*Your instructions:* From the entries below, gather each line containing the word "outdoors".

------

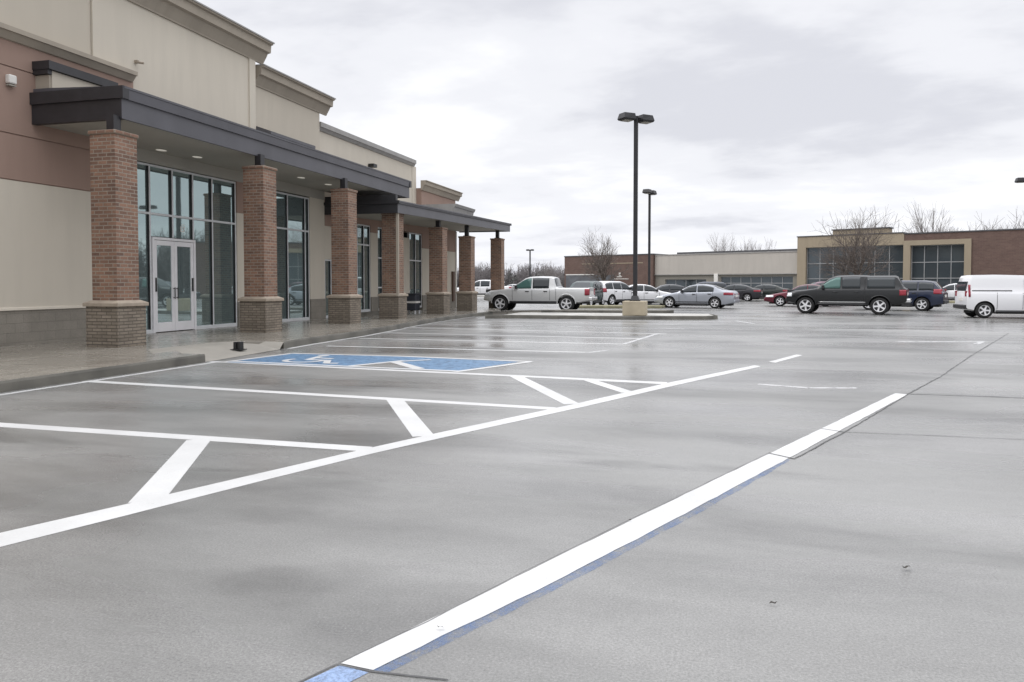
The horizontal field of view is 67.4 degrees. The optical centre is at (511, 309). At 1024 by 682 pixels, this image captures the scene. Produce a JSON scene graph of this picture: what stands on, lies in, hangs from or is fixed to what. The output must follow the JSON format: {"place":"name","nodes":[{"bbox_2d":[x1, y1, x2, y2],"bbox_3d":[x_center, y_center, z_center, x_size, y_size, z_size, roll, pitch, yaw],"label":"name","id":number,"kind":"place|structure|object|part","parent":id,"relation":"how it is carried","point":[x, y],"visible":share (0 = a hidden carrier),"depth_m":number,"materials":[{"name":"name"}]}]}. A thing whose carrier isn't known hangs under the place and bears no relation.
{"place":"outdoors","nodes":[
{"label":"outdoors","id":0,"kind":"place"},
{"bbox_2d":[0,0,411,347],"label":"retail building","id":1,"kind":"structure","parent":0,"point":[167,165],"depth_m":20.05,"materials":[{"name":"beige paint"}]},
{"bbox_2d":[154,240,175,331],"bbox_3d":[-9.361,-0.621,20.714,0.119,2.450,0.780,1,2,15],"label":"door","id":2,"kind":"structure","parent":1,"relation":"in","point":[165,289],"depth_m":20.74,"materials":[{"name":"clear glass"}]},
{"bbox_2d":[174,241,193,330],"bbox_3d":[-9.154,-0.645,21.476,0.119,2.450,0.780,1,2,15],"label":"door","id":3,"kind":"structure","parent":1,"relation":"in","point":[183,251],"depth_m":21.49,"materials":[{"name":"clear glass"}]},
{"bbox_2d":[137,161,236,333],"bbox_3d":[-9.179,-1.629,21.559,0.100,4.450,4.600,1,2,15],"label":"window","id":4,"kind":"structure","parent":1,"relation":"in","point":[169,199],"depth_m":22.14,"materials":[{"name":"glass"}]},
{"bbox_2d":[276,191,309,321],"bbox_3d":[-7.837,-1.780,26.498,0.100,4.430,3.100,1,2,15],"label":"window","id":5,"kind":"structure","parent":1,"relation":"in","point":[292,211],"depth_m":27.02,"materials":[{"name":"glass"}]},
{"bbox_2d":[230,341,246,350],"bbox_3d":[-5.714,0.765,16.041,0.240,0.175,0.240,1,2,15],"label":"floor bracket","id":6,"kind":"object","parent":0,"point":[239,346],"visible":1,"depth_m":15.98,"materials":[{"name":"black plastic"}]},
{"bbox_2d":[0,306,540,380],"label":"sidewalk","id":7,"kind":"structure","parent":0,"point":[24,361],"depth_m":16.40,"materials":[{"name":"concrete"}]},
{"bbox_2d":[406,293,419,313],"bbox_3d":[-4.346,-0.239,33.417,0.560,0.900,0.560,1,2,15],"label":"litter bin","id":8,"kind":"object","parent":7,"relation":"on","point":[413,301],"visible":0.81,"depth_m":33.16,"materials":[{"name":"black plastic"}]},
{"bbox_2d":[320,122,511,318],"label":"retail building","id":9,"kind":"structure","parent":0,"point":[406,245],"depth_m":33.50,"materials":[{"name":"beige paint"}]},
{"bbox_2d":[325,259,331,317],"bbox_3d":[-7.001,-0.786,29.611,0.100,2.240,1.080,1,2,15],"label":"window","id":10,"kind":"structure","parent":9,"relation":"in","point":[328,263],"depth_m":29.41,"materials":[{"name":"glass"}]},
{"bbox_2d":[357,224,369,311],"bbox_3d":[-6.346,-1.704,31.995,0.100,3.660,1.780,1,2,15],"label":"window","id":11,"kind":"structure","parent":9,"relation":"in","point":[363,231],"depth_m":32.28,"materials":[{"name":"glass"}]},
{"bbox_2d":[378,227,381,296],"bbox_3d":[-5.789,-1.771,34.044,0.100,3.660,1.030,1,2,15],"label":"window","id":12,"kind":"structure","parent":9,"relation":"in","point":[379,229],"depth_m":33.87,"materials":[{"name":"glass"}]},
{"bbox_2d":[407,232,421,307],"bbox_3d":[-4.786,-1.891,37.734,0.100,3.660,1.580,1,2,15],"label":"window","id":13,"kind":"structure","parent":9,"relation":"in","point":[414,239],"depth_m":37.73,"materials":[{"name":"glass"}]},
{"bbox_2d":[0,285,1023,681],"bbox_3d":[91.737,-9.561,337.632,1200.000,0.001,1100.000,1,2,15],"label":"parking lot ground","id":14,"kind":"structure","parent":0,"point":[296,577],"depth_m":4.90,"materials":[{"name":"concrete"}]},
{"bbox_2d":[0,354,204,392],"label":"kerb","id":15,"kind":"structure","parent":14,"relation":"on","point":[42,380],"depth_m":11.77,"materials":[{"name":"concrete"}]},
{"bbox_2d":[5,362,215,393],"bbox_3d":[-6.075,1.050,12.260,0.100,0.001,4.400,1,2,16],"label":"painted line","id":16,"kind":"object","parent":14,"relation":"on","point":[105,378],"visible":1,"depth_m":11.67,"materials":[{"name":"white paint"}]},
{"bbox_2d":[128,439,210,502],"bbox_3d":[-2.678,1.249,6.134,0.220,0.001,2.103,0,2,-13],"label":"painted line","id":17,"kind":"object","parent":14,"relation":"on","point":[168,475],"visible":1,"depth_m":5.94,"materials":[{"name":"white paint"}]},
{"bbox_2d":[0,423,370,450],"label":"painted line","id":18,"kind":"object","parent":14,"relation":"on","point":[212,438],"visible":1,"depth_m":7.26,"materials":[{"name":"white paint"}]},
{"bbox_2d":[149,341,282,361],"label":"kerb ramp","id":19,"kind":"structure","parent":14,"relation":"on","point":[213,351],"depth_m":15.83,"materials":[{"name":"concrete"}]},
{"bbox_2d":[224,353,290,361],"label":"painted line","id":20,"kind":"object","parent":14,"relation":"on","point":[257,357],"visible":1,"depth_m":15.14,"materials":[{"name":"white paint"}]},
{"bbox_2d":[298,665,333,681],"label":"pavement joint","id":21,"kind":"object","parent":14,"relation":"on","point":[315,673],"visible":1,"depth_m":2.85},
{"bbox_2d":[82,380,555,408],"bbox_3d":[-2.941,1.117,10.218,7.320,0.001,0.180,1,2,20],"label":"painted line","id":22,"kind":"object","parent":14,"relation":"on","point":[385,398],"visible":1,"depth_m":9.99,"materials":[{"name":"white paint"}]},
{"bbox_2d":[304,665,367,681],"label":"painted line","id":23,"kind":"object","parent":14,"relation":"on","point":[339,673],"visible":1,"depth_m":2.84,"materials":[{"name":"blue paint"}]},
{"bbox_2d":[315,336,363,343],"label":"painted line","id":24,"kind":"object","parent":14,"relation":"on","point":[337,340],"visible":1,"depth_m":19.73,"materials":[{"name":"white paint"}]},
{"bbox_2d":[291,353,402,356],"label":"painted line","id":25,"kind":"object","parent":14,"relation":"on","point":[342,354],"visible":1,"depth_m":15.78,"materials":[{"name":"white paint"}]},
{"bbox_2d":[235,354,513,370],"bbox_3d":[-2.560,0.980,14.394,5.128,0.001,2.051,1,2,19],"label":"accessible bay","id":26,"kind":"object","parent":14,"relation":"on","point":[442,363],"visible":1,"depth_m":14.38,"materials":[{"name":"blue paint"}]},
{"bbox_2d":[282,355,336,363],"bbox_3d":[-3.886,0.967,14.696,0.999,0.001,1.790,-1,2,-17],"label":"wheelchair symbol","id":27,"kind":"object","parent":26,"relation":"on","point":[318,356],"visible":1,"depth_m":14.72,"materials":[{"name":"white paint"}]},
{"bbox_2d":[230,361,456,370],"bbox_3d":[-3.102,1.003,13.607,4.721,0.001,0.130,1,2,21],"label":"painted line","id":28,"kind":"object","parent":26,"relation":"on","point":[345,366],"visible":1,"depth_m":13.48,"materials":[{"name":"white paint"}]},
{"bbox_2d":[349,360,403,365],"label":"painted line","id":29,"kind":"object","parent":26,"relation":"on","point":[372,363],"visible":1,"depth_m":13.98,"materials":[{"name":"white paint"}]},
{"bbox_2d":[359,362,408,367],"bbox_3d":[-2.141,0.995,13.885,1.290,0.001,1.100,1,2,15],"label":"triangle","id":30,"kind":"object","parent":26,"relation":"on","point":[391,365],"visible":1,"depth_m":13.66,"materials":[{"name":"paint"}]},
{"bbox_2d":[391,361,423,368],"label":"painted line","id":31,"kind":"object","parent":26,"relation":"on","point":[407,365],"visible":1,"depth_m":13.63,"materials":[{"name":"white paint"}]},
{"bbox_2d":[0,365,760,546],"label":"painted line","id":32,"kind":"object","parent":14,"relation":"on","point":[37,530],"visible":1,"depth_m":5.66,"materials":[{"name":"white paint"}]},
{"bbox_2d":[337,664,447,679],"bbox_3d":[-0.453,1.353,2.858,0.448,0.001,0.022,0,2,15],"label":"pavement joint","id":33,"kind":"object","parent":14,"relation":"on","point":[394,673],"visible":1,"depth_m":2.85,"materials":[{"name":"grey concrete"}]},
{"bbox_2d":[386,398,432,436],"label":"painted line","id":34,"kind":"object","parent":14,"relation":"on","point":[413,423],"visible":1,"depth_m":8.28,"materials":[{"name":"white paint"}]},
{"bbox_2d":[210,361,666,383],"bbox_3d":[-1.664,1.032,12.804,8.612,0.001,0.260,1,2,22],"label":"painted line","id":35,"kind":"object","parent":14,"relation":"on","point":[632,381],"visible":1,"depth_m":12.31,"materials":[{"name":"white paint"}]},
{"bbox_2d":[339,346,585,352],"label":"painted line","id":36,"kind":"object","parent":14,"relation":"on","point":[461,349],"visible":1,"depth_m":17.02,"materials":[{"name":"white paint"}]},
{"bbox_2d":[403,356,531,361],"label":"painted line","id":37,"kind":"object","parent":14,"relation":"on","point":[464,358],"visible":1,"depth_m":14.93,"materials":[{"name":"white paint"}]},
{"bbox_2d":[282,310,673,348],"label":"kerb","id":38,"kind":"structure","parent":14,"relation":"on","point":[303,341],"depth_m":24.87,"materials":[{"name":"concrete"}]},
{"bbox_2d":[360,338,608,343],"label":"painted line","id":39,"kind":"object","parent":14,"relation":"on","point":[496,341],"visible":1,"depth_m":19.39,"materials":[{"name":"white paint"}]},
{"bbox_2d":[457,280,512,294],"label":"pickup truck","id":40,"kind":"object","parent":14,"relation":"on","point":[481,286],"visible":0.23,"depth_m":74.40,"materials":[{"name":"white paint"}]},
{"bbox_2d":[453,361,530,371],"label":"painted line","id":41,"kind":"object","parent":14,"relation":"on","point":[491,366],"visible":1,"depth_m":13.40,"materials":[{"name":"white paint"}]},
{"bbox_2d":[457,263,564,287],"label":"woods","id":42,"kind":"object","parent":14,"relation":"on","point":[523,274],"visible":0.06,"depth_m":196.40,"materials":[{"name":"brown plant"}]},
{"bbox_2d":[458,272,564,285],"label":"undergrowth","id":43,"kind":"object","parent":14,"relation":"on","point":[512,280],"visible":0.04,"depth_m":190.49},
{"bbox_2d":[414,333,638,338],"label":"painted line","id":44,"kind":"object","parent":14,"relation":"on","point":[514,335],"visible":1,"depth_m":21.65,"materials":[{"name":"white paint"}]},
{"bbox_2d":[526,249,533,276],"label":"lamp post","id":45,"kind":"object","parent":14,"relation":"on","point":[529,261],"visible":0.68,"depth_m":147.93,"materials":[{"name":"black metal"}]},
{"bbox_2d":[413,327,655,333],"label":"painted line","id":46,"kind":"object","parent":14,"relation":"on","point":[535,330],"visible":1,"depth_m":23.98,"materials":[{"name":"white paint"}]},
{"bbox_2d":[484,276,596,310],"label":"pickup truck","id":47,"kind":"object","parent":14,"relation":"on","point":[541,290],"visible":1,"depth_m":40.78,"materials":[{"name":"silver metal"}]},
{"bbox_2d":[510,376,576,403],"bbox_3d":[0.388,1.100,10.703,0.200,0.001,2.935,0,2,-13],"label":"painted line","id":48,"kind":"object","parent":14,"relation":"on","point":[562,399],"visible":1,"depth_m":10.46,"materials":[{"name":"white paint"}]},
{"bbox_2d":[537,261,563,278],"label":"bare tree","id":49,"kind":"object","parent":14,"relation":"on","point":[550,271],"visible":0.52,"depth_m":119.39,"materials":[{"name":"brown plant"}]},
{"bbox_2d":[334,452,769,664],"bbox_3d":[0.775,1.291,4.770,0.025,0.001,4.708,1,2,38],"label":"pavement joint","id":50,"kind":"object","parent":14,"relation":"on","point":[517,574],"visible":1,"depth_m":3.71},
{"bbox_2d":[464,324,670,328],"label":"painted line","id":51,"kind":"object","parent":14,"relation":"on","point":[564,326],"visible":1,"depth_m":26.25,"materials":[{"name":"white paint"}]},
{"bbox_2d":[384,463,781,669],"bbox_3d":[0.913,1.299,4.593,0.108,0.001,4.481,2,2,39],"label":"painted line","id":52,"kind":"object","parent":14,"relation":"on","point":[585,569],"visible":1,"depth_m":3.43,"materials":[{"name":"blue paint"}]},
{"bbox_2d":[566,281,604,304],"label":"suv car","id":53,"kind":"object","parent":14,"relation":"on","point":[597,286],"visible":0.41,"depth_m":49.72,"materials":[{"name":"teal paint"}]},
{"bbox_2d":[494,321,681,324],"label":"painted line","id":54,"kind":"object","parent":14,"relation":"on","point":[611,323],"visible":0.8,"depth_m":28.25,"materials":[{"name":"white paint"}]},
{"bbox_2d":[485,314,717,319],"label":"kerb","id":55,"kind":"structure","parent":14,"relation":"on","point":[713,316],"depth_m":31.54,"materials":[{"name":"concrete"}]},
{"bbox_2d":[577,227,632,280],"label":"bare tree","id":56,"kind":"object","parent":14,"relation":"on","point":[598,266],"visible":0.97,"depth_m":84.11,"materials":[{"name":"brown plant"}]},
{"bbox_2d":[584,380,632,392],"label":"painted line","id":57,"kind":"object","parent":14,"relation":"on","point":[612,387],"visible":1,"depth_m":10.86,"materials":[{"name":"white paint"}]},
{"bbox_2d":[506,312,711,315],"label":"concrete island","id":58,"kind":"structure","parent":14,"relation":"on","point":[611,314],"depth_m":32.85,"materials":[{"name":"grey concrete"}]},
{"bbox_2d":[617,112,654,315],"bbox_3d":[5.113,-3.877,31.765,1.581,8.280,1.136,0,2,0],"label":"lamp post","id":59,"kind":"object","parent":58,"relation":"on","point":[634,306],"visible":1,"depth_m":31.62,"materials":[{"name":"metal"}]},
{"bbox_2d":[506,318,711,321],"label":"painted line","id":60,"kind":"object","parent":14,"relation":"on","point":[636,320],"visible":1,"depth_m":30.57,"materials":[{"name":"white paint"}]},
{"bbox_2d":[593,281,632,304],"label":"suv car","id":61,"kind":"object","parent":14,"relation":"on","point":[615,291],"visible":0.62,"depth_m":51.77,"materials":[{"name":"white paint"}]},
{"bbox_2d":[579,305,666,307],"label":"grass island","id":62,"kind":"structure","parent":14,"relation":"on","point":[616,306],"depth_m":45.79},
{"bbox_2d":[342,393,906,669],"bbox_3d":[2.282,1.236,6.513,0.205,0.001,9.260,1,2,38],"label":"painted line","id":63,"kind":"object","parent":14,"relation":"on","point":[516,588],"visible":1,"depth_m":4.10,"materials":[{"name":"white paint"}]},
{"bbox_2d":[623,333,659,343],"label":"painted line","id":64,"kind":"object","parent":14,"relation":"on","point":[641,338],"visible":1,"depth_m":20.45,"materials":[{"name":"white paint"}]},
{"bbox_2d":[615,284,669,302],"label":"sedan car","id":65,"kind":"object","parent":14,"relation":"on","point":[649,293],"visible":0.29,"depth_m":52.95,"materials":[{"name":"white paint"}]},
{"bbox_2d":[642,189,656,303],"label":"lamp post","id":66,"kind":"object","parent":14,"relation":"on","point":[649,192],"visible":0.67,"depth_m":55.22,"materials":[{"name":"black metal"}]},
{"bbox_2d":[656,284,685,292],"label":"sedan car","id":67,"kind":"object","parent":14,"relation":"on","point":[671,288],"visible":0.19,"depth_m":59.30,"materials":[{"name":"black paint"}]},
{"bbox_2d":[654,284,739,307],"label":"sedan car","id":68,"kind":"object","parent":14,"relation":"on","point":[713,296],"visible":0.99,"depth_m":46.09,"materials":[{"name":"silver metal"}]},
{"bbox_2d":[707,233,737,250],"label":"bare tree","id":69,"kind":"object","parent":14,"relation":"on","point":[724,244],"visible":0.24,"depth_m":119.45,"materials":[{"name":"brown plant"}]},
{"bbox_2d":[724,284,763,300],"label":"sedan car","id":70,"kind":"object","parent":14,"relation":"on","point":[747,293],"visible":0.59,"depth_m":64.62,"materials":[{"name":"black paint"}]},
{"bbox_2d":[731,239,756,250],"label":"bare tree","id":71,"kind":"object","parent":14,"relation":"on","point":[750,248],"visible":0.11,"depth_m":124.69,"materials":[{"name":"brown plant"}]},
{"bbox_2d":[748,239,775,249],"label":"bare tree","id":72,"kind":"object","parent":14,"relation":"on","point":[765,245],"visible":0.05,"depth_m":123.94,"materials":[{"name":"brown plant"}]},
{"bbox_2d":[742,284,790,299],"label":"sedan car","id":73,"kind":"object","parent":14,"relation":"on","point":[768,289],"visible":0.28,"depth_m":67.45,"materials":[{"name":"black paint"}]},
{"bbox_2d":[757,384,807,387],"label":"painted line","id":74,"kind":"object","parent":14,"relation":"on","point":[783,385],"visible":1,"depth_m":10.97,"materials":[{"name":"white paint"}]},
{"bbox_2d":[770,354,801,362],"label":"painted line","id":75,"kind":"object","parent":14,"relation":"on","point":[782,359],"visible":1,"depth_m":14.95,"materials":[{"name":"white paint"}]},
{"bbox_2d":[564,227,1023,288],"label":"shop building","id":76,"kind":"structure","parent":14,"relation":"on","point":[944,258],"depth_m":78.07,"materials":[{"name":"brown brick"}]},
{"bbox_2d":[666,279,705,286],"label":"window","id":77,"kind":"structure","parent":76,"relation":"in","point":[683,282],"depth_m":88.94,"materials":[{"name":"grey glass"}]},
{"bbox_2d":[721,276,792,288],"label":"window","id":78,"kind":"structure","parent":76,"relation":"in","point":[752,281],"depth_m":82.92,"materials":[{"name":"grey glass"}]},
{"bbox_2d":[807,245,902,283],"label":"window","id":79,"kind":"structure","parent":76,"relation":"in","point":[897,250],"depth_m":76.11,"materials":[{"name":"grey"}]},
{"bbox_2d":[911,244,963,286],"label":"window","id":80,"kind":"structure","parent":76,"relation":"in","point":[942,264],"depth_m":71.35,"materials":[{"name":"grey"}]},
{"bbox_2d":[764,284,826,306],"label":"sedan car","id":81,"kind":"object","parent":14,"relation":"on","point":[778,299],"visible":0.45,"depth_m":50.08,"materials":[{"name":"red paint"}]},
{"bbox_2d":[810,387,855,387],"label":"painted line","id":82,"kind":"object","parent":14,"relation":"on","point":[833,387],"visible":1,"depth_m":10.76,"materials":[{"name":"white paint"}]},
{"bbox_2d":[786,275,911,314],"bbox_3d":[16.515,-0.731,37.766,5.570,1.899,2.290,1,2,29],"label":"car","id":83,"kind":"object","parent":14,"relation":"on","point":[879,295],"visible":1,"depth_m":36.77,"materials":[{"name":"black paint"}]},
{"bbox_2d":[795,394,907,457],"bbox_3d":[3.787,1.178,8.227,0.040,0.001,4.664,1,2,38],"label":"pavement joint","id":84,"kind":"object","parent":14,"relation":"on","point":[848,429],"visible":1,"depth_m":7.53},
{"bbox_2d":[806,204,898,279],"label":"bare tree","id":85,"kind":"object","parent":14,"relation":"on","point":[863,255],"visible":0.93,"depth_m":67.33,"materials":[{"name":"brown plant"}]},
{"bbox_2d":[861,214,912,232],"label":"bare tree","id":86,"kind":"object","parent":14,"relation":"on","point":[889,224],"visible":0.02,"depth_m":96.75,"materials":[{"name":"brown plant"}]},
{"bbox_2d":[863,280,948,310],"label":"suv car","id":87,"kind":"object","parent":14,"relation":"on","point":[924,295],"visible":0.54,"depth_m":41.32,"materials":[{"name":"blue paint"}]},
{"bbox_2d":[902,203,963,232],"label":"bare tree","id":88,"kind":"object","parent":14,"relation":"on","point":[920,226],"visible":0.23,"depth_m":94.99,"materials":[{"name":"brown plant"}]},
{"bbox_2d":[862,432,1009,438],"bbox_3d":[5.603,1.220,6.958,4.812,0.001,0.017,0,2,14],"label":"pavement joint","id":89,"kind":"object","parent":14,"relation":"on","point":[934,435],"visible":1,"depth_m":7.33,"materials":[{"name":"grey concrete"}]},
{"bbox_2d":[896,341,983,341],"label":"painted line","id":90,"kind":"object","parent":14,"relation":"on","point":[938,341],"visible":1,"depth_m":19.39,"materials":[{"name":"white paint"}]},
{"bbox_2d":[943,283,956,299],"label":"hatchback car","id":91,"kind":"object","parent":14,"relation":"on","point":[951,289],"visible":0.11,"depth_m":62.80,"materials":[{"name":"white paint"}]},
{"bbox_2d":[907,333,1008,393],"bbox_3d":[9.924,0.914,16.334,0.078,0.001,15.655,1,2,37],"label":"pavement joint","id":92,"kind":"object","parent":14,"relation":"on","point":[955,366],"visible":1,"depth_m":13.48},
{"bbox_2d":[950,211,1004,230],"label":"bare tree","id":93,"kind":"object","parent":14,"relation":"on","point":[980,224],"visible":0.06,"depth_m":99.83,"materials":[{"name":"brown plant"}]},
{"bbox_2d":[953,275,1023,317],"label":"cargo van","id":94,"kind":"object","parent":14,"relation":"on","point":[983,296],"visible":1,"depth_m":32.59,"materials":[{"name":"white paint"}]},
{"bbox_3d":[19.727,-1.006,33.621,0.088,0.400,1.232,1,2,15],"label":"rear window","id":95,"kind":"part","parent":94,"relation":"part of","materials":[{"name":"black glass"}]},
{"bbox_2d":[984,211,1023,229],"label":"bare tree","id":96,"kind":"object","parent":14,"relation":"on","point":[1014,227],"visible":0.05,"depth_m":94.61,"materials":[{"name":"brown plant"}]},
{"bbox_2d":[1014,177,1023,182],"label":"lamp post","id":97,"kind":"object","parent":14,"relation":"on","point":[1019,180],"visible":0.82,"depth_m":49.06,"materials":[{"name":"black metal"}]},
{"bbox_2d":[197,0,1023,282],"label":"sky","id":98,"kind":"structure","parent":0,"point":[773,119],"materials":[{"name":"white"}]},
{"bbox_2d":[695,282,726,287],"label":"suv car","id":99,"kind":"object","parent":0,"point":[721,284],"visible":0.09,"depth_m":66.97,"materials":[{"name":"grey paint"}]},
{"bbox_2d":[811,281,825,284],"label":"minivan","id":100,"kind":"object","parent":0,"point":[820,283],"visible":0.04,"depth_m":58.96,"materials":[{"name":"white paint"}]}
]}

------

*Your response:*
{"place":"outdoors","nodes":[
{"label":"outdoors","id":0,"kind":"place"},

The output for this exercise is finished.